### WHAT TO PRODUCE
An exact transcript is required of the lines below, from the one containing "Text: પાર્ટી" through the very last; leave every picture out of it.

### Source records
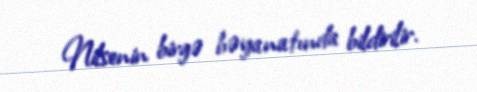
Nilsenin birgə bəyanatında bildirilir.
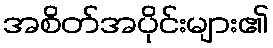
အစိတ်အပိုင်းများ၏
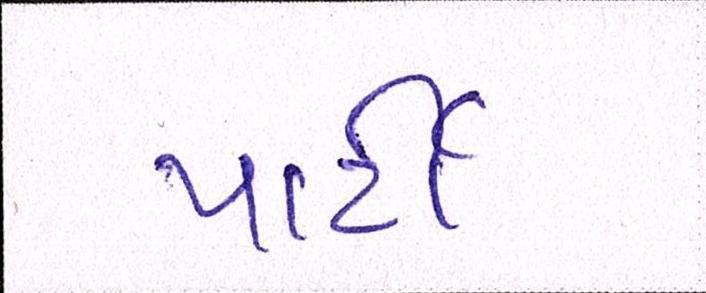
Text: પાર્ટી
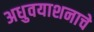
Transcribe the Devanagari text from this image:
अधुवयाशनाचे
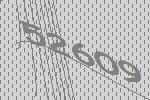
52609
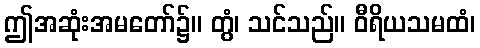
ဤအဆုံးအမတော်၌။ တွံ၊ သင်သည်။ ဝီရိယသမထံ၊
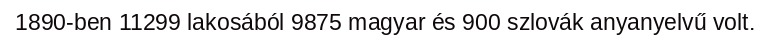
1890-ben 11299 lakosából 9875 magyar és 900 szlovák anyanyelvű volt.
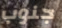
جنوب
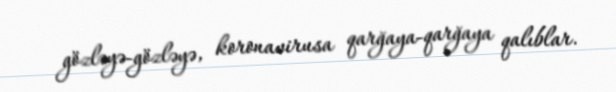
gözləyə-gözləyə, koronavirusa qarğaya-qarğaya qalıblar.
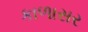
કાળાસર
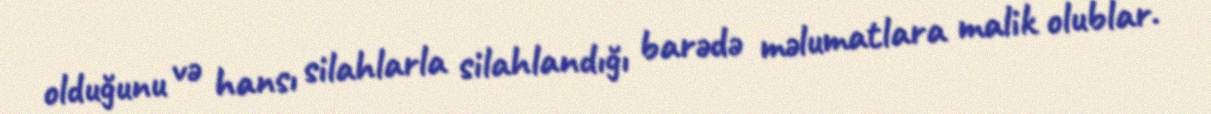
olduğunu və hansı silahlarla silahlandığı barədə məlumatlara malik olublar.
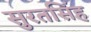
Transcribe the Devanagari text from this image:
सुरतसिंह
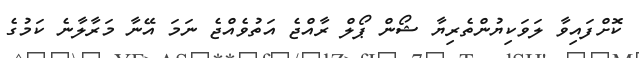
ކޮށްފައިވާ ލަވަކިޔުންތެރިޔާ ޝޯން ޕޯލް ރާއްޖެ އަތުވެއްޖެ ނަމަ އޭނާ މަރާލާނެ ކަމުގެ
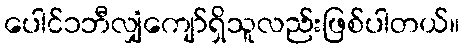
ပေါင်၁ဘီလျှံကျော်ရှိသူလည်းဖြစ်ပါတယ်။
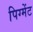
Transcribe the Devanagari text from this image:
पिग्मेंट
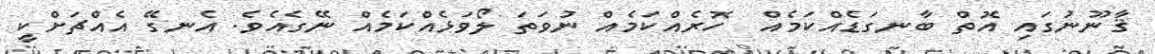
ޤާނޫނުގައި އޮތް ބާނގަޑެއްކަމެއް  ހޮރެއްކަމެއް ނުވަތަ ލޯވަޅެއްކަމެއް ނޭގެއެވެ. އެނގޭ އެއްޗަށްކީ
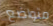
متواضع
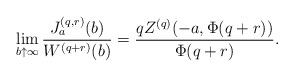
\begin{align*} \lim_{b\uparrow\infty}\frac{J_a^{(q,r)} (b)}{W^{(q+r)}(b)}=\frac{q Z^{(q)}(-a,\Phi(q+r)) }{\Phi(q+r)}. \end{align*}
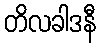
တိလခါဒနီ
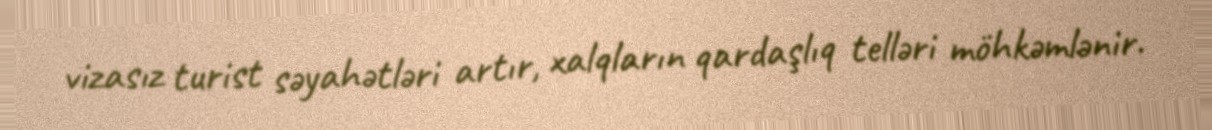
vizasız turist səyahətləri artır, xalqların qardaşlıq telləri möhkəmlənir.
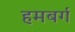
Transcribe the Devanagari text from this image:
हमबर्ग
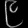
Digit: ၉
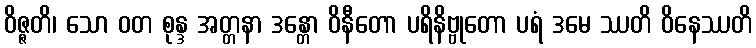
ဝိဇ္ဇတိ၊ သော ဝတ စုန္ဒ အတ္တနာ ဒန္တော ဝိနီတော ပရိနိဗ္ဗုတော ပရံ ဒမေ ဿတိ ဝိနေဿတိ
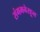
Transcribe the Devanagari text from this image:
संगमनेरहून
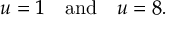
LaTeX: u = 1 \quad { \mathrm { a n d } } \quad u = 8 .
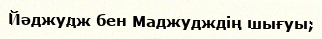
Йәджудж бен Маджудждің шығуы;
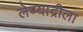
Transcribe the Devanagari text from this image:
लेण्याद्रीला
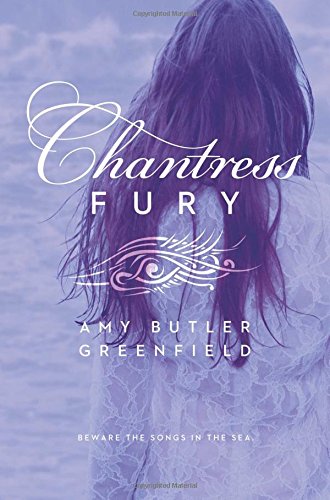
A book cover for Chantress Fury; Amy Butler Greenfield; Teen & Young Adult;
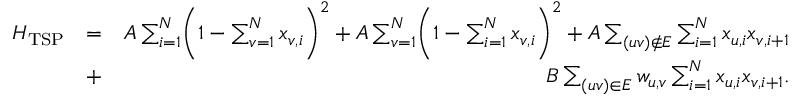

### WRITTEN SOLUTION
Text: પાર્ટી
Transcribe the Devanagari text from this image:
अधुवयाशनाचे
52609
ဤအဆုံးအမတော်၌။ တွံ၊ သင်သည်။ ဝီရိယသမထံ၊
1890-ben 11299 lakosából 9875 magyar és 900 szlovák anyanyelvű volt.
جنوب
gözləyə-gözləyə, koronavirusa qarğaya-qarğaya qalıblar.
કાળાસર
olduğunu və hansı silahlarla silahlandığı barədə məlumatlara malik olublar.
Transcribe the Devanagari text from this image:
सुरतसिंह
ކޮށްފައިވާ ލަވަކިޔުންތެރިޔާ ޝޯން ޕޯލް ރާއްޖެ އަތުވެއްޖެ ނަމަ އޭނާ މަރާލާނެ ކަމުގެ
ပေါင်၁ဘီလျှံကျော်ရှိသူလည်းဖြစ်ပါတယ်။
Transcribe the Devanagari text from this image:
पिग्मेंट
ޤާނޫނުގައި އޮތް ބާނގަޑެއްކަމެއް  ހޮރެއްކަމެއް ނުވަތަ ލޯވަޅެއްކަމެއް ނޭގެއެވެ. އެނގޭ އެއްޗަށްކީ
متواضع
\begin{align*} \lim_{b\uparrow\infty}\frac{J_a^{(q,r)} (b)}{W^{(q+r)}(b)}=\frac{q Z^{(q)}(-a,\Phi(q+r)) }{\Phi(q+r)}. \end{align*}
တိလခါဒနီ
vizasız turist səyahətləri artır, xalqların qardaşlıq telləri möhkəmlənir.
Transcribe the Devanagari text from this image:
हमबर्ग
Digit: ၉
ဝိဇ္ဇတိ၊ သော ဝတ စုန္ဒ အတ္တနာ ဒန္တော ဝိနီတော ပရိနိဗ္ဗုတော ပရံ ဒမေ ဿတိ ဝိနေဿတိ
Transcribe the Devanagari text from this image:
संगमनेरहून
LaTeX: u = 1 \quad { \mathrm { a n d } } \quad u = 8 .
Йәджудж бен Маджудждің шығуы;
Transcribe the Devanagari text from this image:
लेण्याद्रीला
A book cover for Chantress Fury; Amy Butler Greenfield; Teen & Young Adult;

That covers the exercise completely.